Is data kept for the company to use?
We only keep the data for any cases you choose to save so that data can be used to view reports when you access the site. Periodically, this data may be anonymously aggregated by our software systems to monitor the usage of certain features and provide insight for future improvements to the software.
Upon my request, can my data be deleted?
Yes – with your request, we can delete any saved reports associated to your account or delete your account entirely to remove any traces of your data from our system.
Are any portions of the data sold?
We place great importance on our users’ privacy – none of the information collected by Cascades is sold or shared with third parties.

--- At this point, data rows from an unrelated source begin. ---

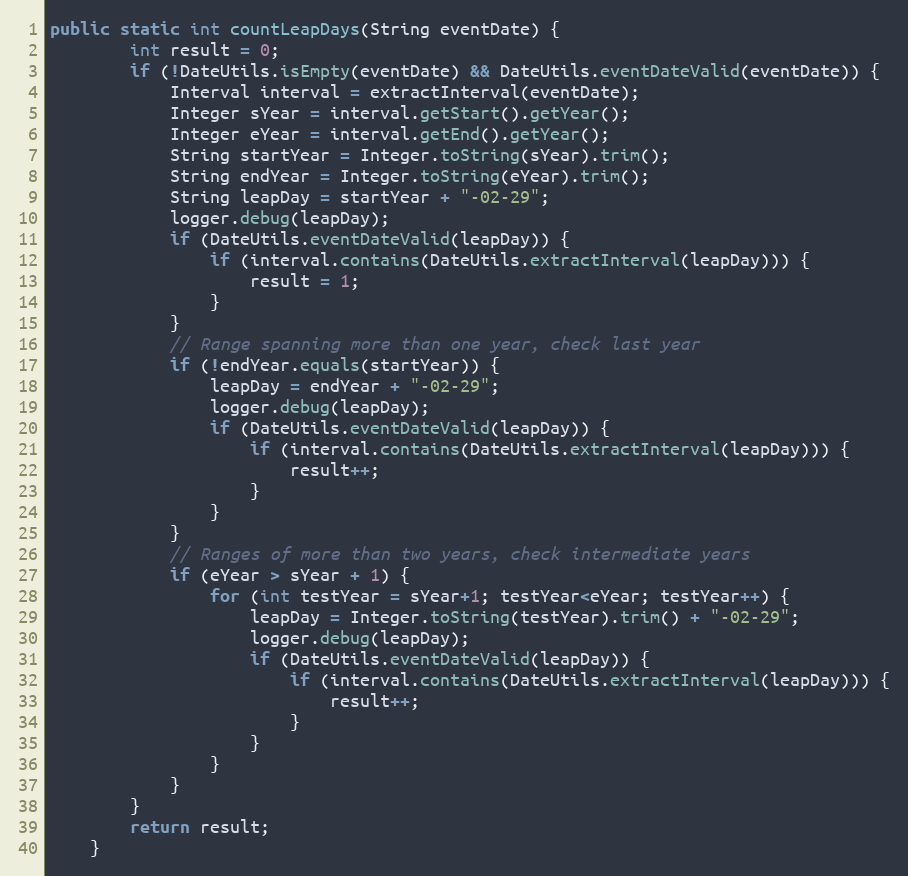
Language: Java
public static int countLeapDays(String eventDate) {
		int result = 0;
		if (!DateUtils.isEmpty(eventDate) && DateUtils.eventDateValid(eventDate)) {
			Interval interval = extractInterval(eventDate);
			Integer sYear = interval.getStart().getYear();
			Integer eYear = interval.getEnd().getYear();
			String startYear = Integer.toString(sYear).trim();
			String endYear = Integer.toString(eYear).trim();
			String leapDay = startYear + "-02-29";
			logger.debug(leapDay);
			if (DateUtils.eventDateValid(leapDay)) {
				if (interval.contains(DateUtils.extractInterval(leapDay))) {
					result = 1;
				}
			}
			// Range spanning more than one year, check last year
			if (!endYear.equals(startYear)) {
				leapDay = endYear + "-02-29";
				logger.debug(leapDay);
				if (DateUtils.eventDateValid(leapDay)) {
					if (interval.contains(DateUtils.extractInterval(leapDay))) {
						result++;
					}
				}
			}
			// Ranges of more than two years, check intermediate years
			if (eYear > sYear + 1) {
				for (int testYear = sYear+1; testYear<eYear; testYear++) {
					leapDay = Integer.toString(testYear).trim() + "-02-29";
					logger.debug(leapDay);
					if (DateUtils.eventDateValid(leapDay)) {
						if (interval.contains(DateUtils.extractInterval(leapDay))) {
							result++;
						}
					}
				}
			}
		}
		return result;
	}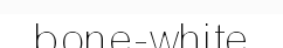
bone-white

About Cascades and PureFacts:
Cascades, in partnership with fintech leader PureFacts Financial Solutions, provides a software solution that revolutionizes the way advisors can help clients with retirement income planning.
This leading-edge, cloud-based tool integrates into enterprise platforms for easy and intuitive use by advisors. It accounts for all sources of retirement income, is always current with the tax code, and simplifies the complex task of income planning.
Cascades empowers advisors to quickly enter the growing retirement decumulation planning space and creates the potential to protect and grow their AUM.